Oops!! I got so carried away babbling that I forgot the last pictures.

 

[Philjoe5]

George,
I enjoyed this tutorial. The machine operations are a bit beyond my current capabilities, but I like your philosophy... make something to your own satisfaction and specifications.

Cheers,
Phil

 

[Deanofid]

Excellent tutorial, George. I daresay, there's something here for the majority of us.
Thanks for sharing your good work!

Dean

 

[Kermit]

I'm just soaking up all this experience and hoping I can remember it correctly when I find myself needing it.
Thanks GB. The hard work of making these long detailed posts and remembering to stop and take pictures during times of intense concentration. It is all very appreciated and we foolish dreamers, desiring to be creative, cannot thank you enough for the help it provides us.

Humbled and Inspired at the same time,
Kermit

 

[kvom]

Darn George,

Every time you post something it adds to my "wannado that!" ;D

Can you explain/demo how you grind the turning tool?

 

[gbritnell]

Thanks everyone for the comments.

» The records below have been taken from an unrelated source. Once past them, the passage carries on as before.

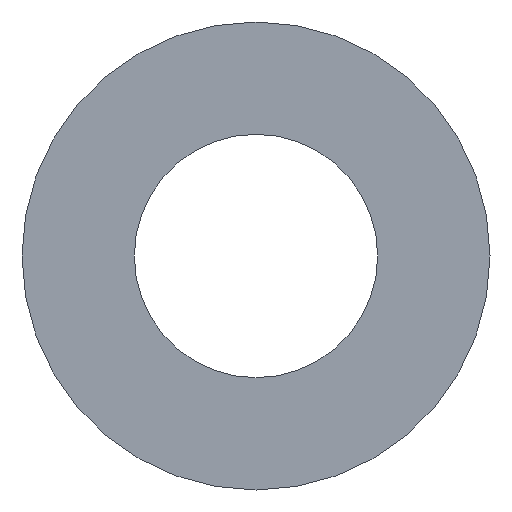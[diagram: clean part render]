
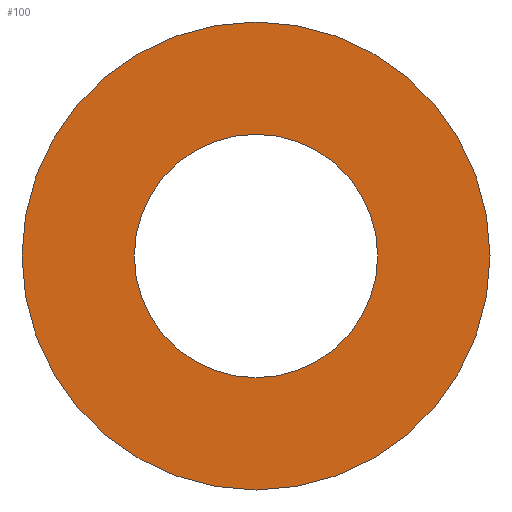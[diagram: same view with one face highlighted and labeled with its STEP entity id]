
A CAD part, front view. The second image highlights one B-rep face of the part: STEP entity #100.
In plain terms, the highlighted planar face has unit normal (0, -1, 0).
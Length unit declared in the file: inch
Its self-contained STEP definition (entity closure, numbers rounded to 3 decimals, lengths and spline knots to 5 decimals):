
#14=PLANE($,#119);
#25=FACE_BOUND($,#47,.T.);
#26=FACE_BOUND($,#48,.T.);
#47=EDGE_LOOP($,(#87));
#48=EDGE_LOOP($,(#88));
#49=CIRCLE($,#105,0.13);
#52=CIRCLE($,#109,0.25);
#57=VERTEX_POINT($,#156);
#60=VERTEX_POINT($,#163);
#65=EDGE_CURVE($,#57,#57,#49,.T.);
#68=EDGE_CURVE($,#60,#60,#52,.T.);
#87=ORIENTED_EDGE($,*,*,#65,.T.);
#88=ORIENTED_EDGE($,*,*,#68,.F.);
#100=ADVANCED_FACE($,(#25,#26),#14,.T.);
#105=AXIS2_PLACEMENT_3D($,#157,#124,#125);
#109=AXIS2_PLACEMENT_3D($,#164,#132,#133);
#119=AXIS2_PLACEMENT_3D($,#178,#152,#153);
#124=DIRECTION('center_axis',(0.,1.,0.));
#125=DIRECTION('ref_axis',(-1.,0.,0.));
#132=DIRECTION('center_axis',(0.,1.,0.));
#133=DIRECTION('ref_axis',(1.,0.,0.));
#152=DIRECTION('center_axis',(0.,-1.,0.));
#153=DIRECTION('ref_axis',(0.,0.,-1.));
#156=CARTESIAN_POINT('',(0.13,0.,0.));
#157=CARTESIAN_POINT('Origin',(0.,0.,0.));
#163=CARTESIAN_POINT('',(0.,0.,0.25));
#164=CARTESIAN_POINT('Origin',(0.,0.,0.));
#178=CARTESIAN_POINT('Origin',(0.,0.,0.25));

A member of this forum had contacted me offline and I explained that I have built so many things over the years, before digital cameras, and didn't have the resources we have now for photographing our work. Now when I work on something I have my camera in my shop and take shots of almost everything. The nice thing is if I don't like it I just delete it but it gives me a photographic record of almost everything I make. It takes time to put together a tutorial but I enjoy sharing them as much as much as I enjoy sharing my work. As far as grinding the tool for turning, if you look at the picture I posted you can see the shape of the tool. It is totally ground by hand. I start with a 3/8 high speed blank and grind the clearance notches in the sides. I then reduce the tip width to .04 less than half the width of my journal. This will allow me to move the tool back and forth across the face of th journal for a complete cleanup. I put a small radius on the outer corners. As far as the notch in the center, I grind that with a cutoff wheel in my Dremel grinder. The shape isn't important, a radius or a square notch will do. When done with this I stone a small radius on the inside corners. If you are cutting a tougher material you can also put a little bit of top relief on the cutter making the cutting edge a little sharper. The reason I don't show that on the cutter in the picture is because if you grind the top clearance a little crooked it's hard to get the tool indicated square to the lathe axis so on this tool I haven't done it. As I am plunging in I move the carriage left and right a small amount to keep the tool from chattering.
gbritnell

 

[CrewCab]

George, your "How To" threads are inspirational, in addition to being a dam good read and a massive help to folk with less experience, like me, please keep them coming they are just invaluable imho, thank you :bow:

CC

 

[Maryak]

George, your "How To" threads are inspirational, in addition to being a dam good read and a massive help to folk with less experience, like me, please keep them coming they are just invaluable imho, thank you :bow:

CC

What he said. :bow: :bow:

Best Regards
Bob

 

[ozzie46]

George, your "How To" threads are inspirational, in addition to being a dam good read and a massive help to folk with less experience, like me, please keep them coming they are

CC

Same here. th_wav


Ron